The deal is neither national nor a windfall. The NHL is only Canadian once it steps north of the border. At customs, it slips on a lumber jacket, cracks a Molson Brador and hangs a bunch of “eh’s” on its sentences. If the NHL sat next to you at a bar, you’d move.
In actuality, the NHL is a hipster American. It’s based in New York, vacations in Cape Cod and really, really wants to be liked by the cool kids in Los Angeles. It covets what LeBron James has – to be invited to buy a slice of the Boston Red Sox just because you are an international phenomenon, a crossover meta-star. The NHL might not kill, but it would certainly maim to find itself invited to those sorts of parties.
The new ESPN deal proves how difficult, verging on impossible, that goal has become.
ESPN (through its parent company, Disney) will pay US$2.7-billion annually for its new football deal. That gets it Monday Night Football, a crack at the Super Bowl starting in five years time and a few more games on ABC. It’s 23 or 24 days of live programming a year.
By contrast, the NHL deal gives ESPN hundreds and hundreds of games, including Stanley Cup finals, to be aired across multiple platforms.
The NHL deal is ESPN’s lab rat. It’s using it to test the new strain of televisual sports entertainment. And it will get all this for 15 cents on the dollar for what it paid the NFL.
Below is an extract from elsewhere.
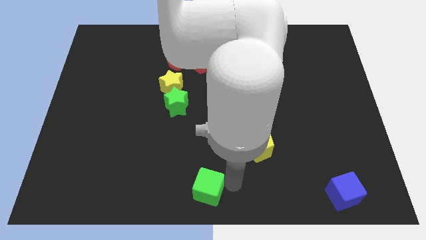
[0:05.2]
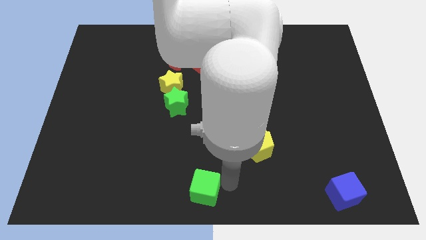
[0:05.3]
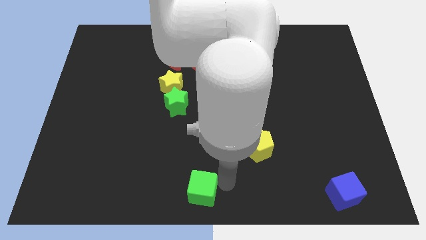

It’s enough money to live on, but it isn’t anywhere near enough to grow. Not when you’re speaking in modern sports terms. That’s the macro reason club valuations are slipping. It’s becoming clear that while the NHL is a corporate unicorn, its horn is short and stubby and doesn’t have much magic left in it.
What remains to be determined is whether the NHL keeps the pack up front in sight, or begins getting lapped.
There is a very possible world in which the next few years of NHL reporting is centred on devolution and ownership retrenchment, rather than the constant expansion talk we’d got used to. Once you get going the wrong way, things can get out of hand quickly. And there are no new TV deals coming up to rescue the league from any further downturn.
It used to be said how tough a business hockey is. It wasn’t. For a good stretch, hockey was the among the easiest businesses in the world. But it’s going to toughen up soon.